*Task directions*
If a record holds a picture, omit that picture and copy everything else exactly.

*Input*
◇ ◇ ◇

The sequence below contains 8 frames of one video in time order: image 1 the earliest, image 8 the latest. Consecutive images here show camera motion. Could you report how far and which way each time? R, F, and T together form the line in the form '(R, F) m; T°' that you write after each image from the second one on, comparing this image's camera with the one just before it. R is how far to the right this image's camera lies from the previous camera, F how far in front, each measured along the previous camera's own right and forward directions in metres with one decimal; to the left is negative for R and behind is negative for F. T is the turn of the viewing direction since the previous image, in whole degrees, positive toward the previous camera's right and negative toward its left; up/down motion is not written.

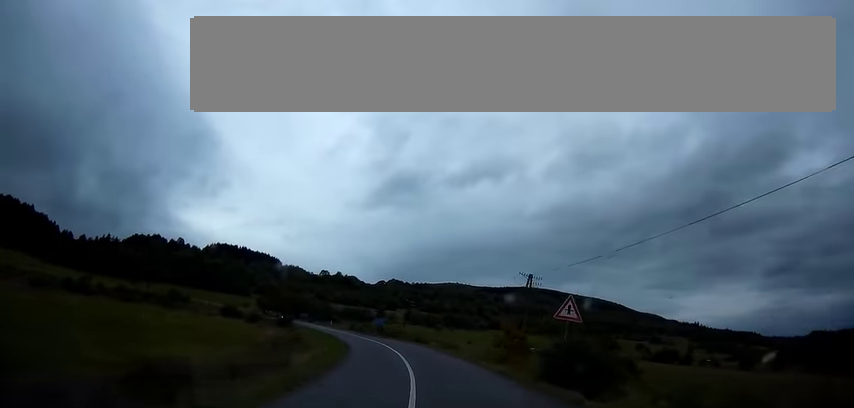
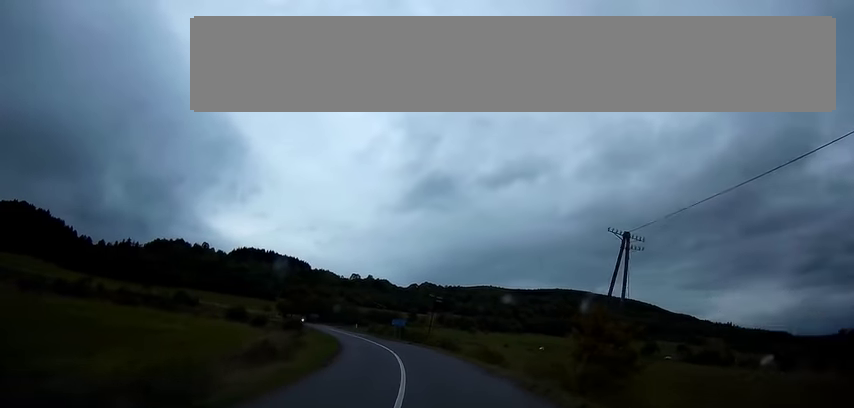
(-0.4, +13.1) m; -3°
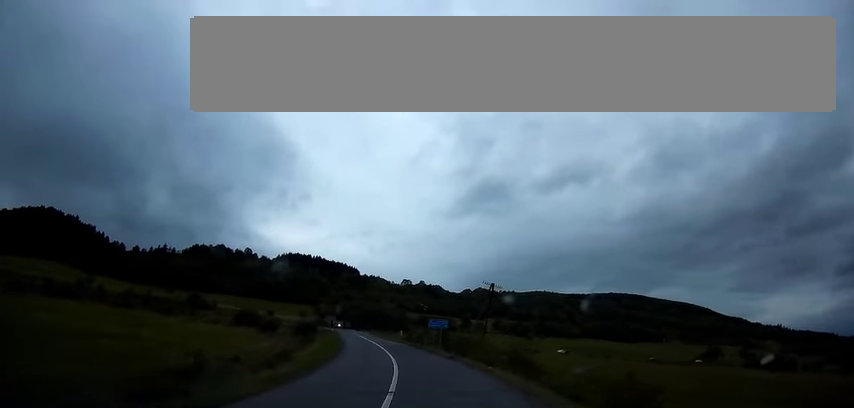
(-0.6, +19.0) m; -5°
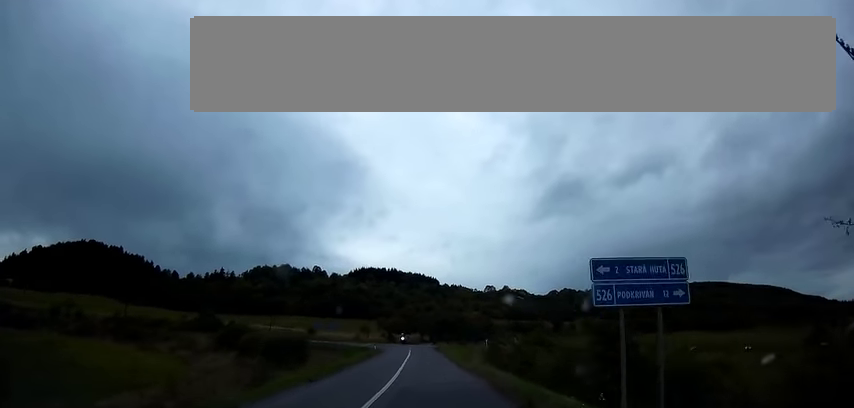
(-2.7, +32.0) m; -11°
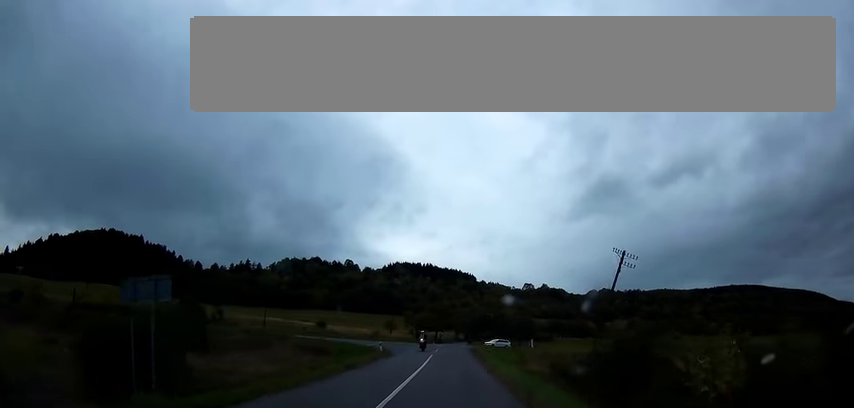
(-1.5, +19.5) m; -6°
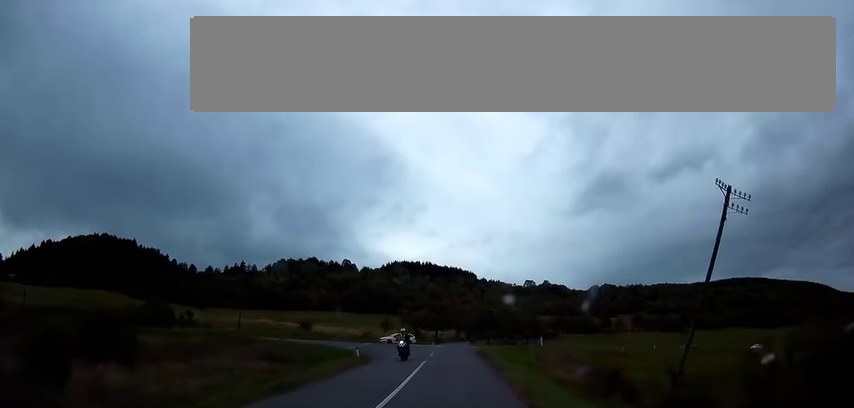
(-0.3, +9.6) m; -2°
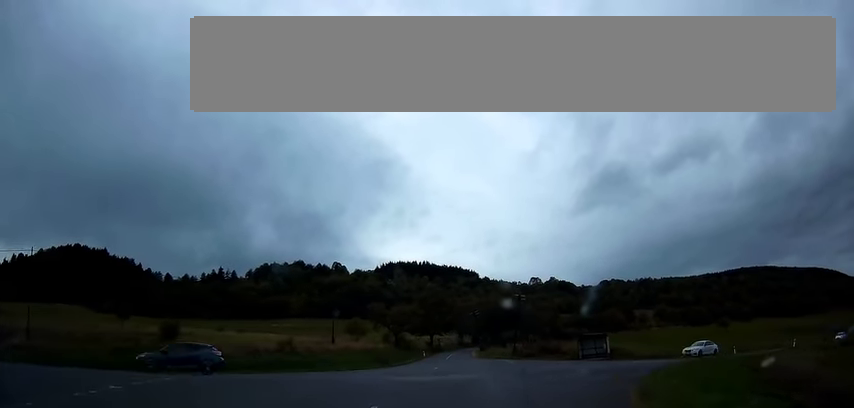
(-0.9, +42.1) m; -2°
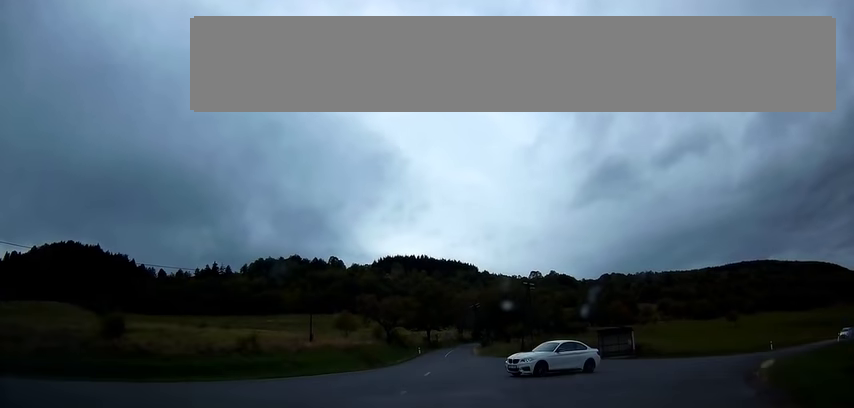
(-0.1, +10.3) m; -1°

◇ ◇ ◇

*Output*
The sequence below contains 8 frames of one video in time order: image 1 the earliest, image 8 the latest. Consecutive images here show camera motion. Could you report how far and which way each time? R, F, and T together form the line in the form '(R, F) m; T°' that you write after each image from the second one on, comparing this image's camera with the one just before it. R is how far to the right this image's camera lies from the previous camera, F how far in front, each measured along the previous camera's own right and forward directions in metres with one decimal; to the left is negative for R and behind is negative for F. T is the turn of the viewing direction since the previous image, in whole degrees, positive toward the previous camera's right and negative toward its left; up/down motion is not written.

(-0.4, +13.1) m; -3°
(-0.6, +19.0) m; -5°
(-2.7, +32.0) m; -11°
(-1.5, +19.5) m; -6°
(-0.3, +9.6) m; -2°
(-0.9, +42.1) m; -2°
(-0.1, +10.3) m; -1°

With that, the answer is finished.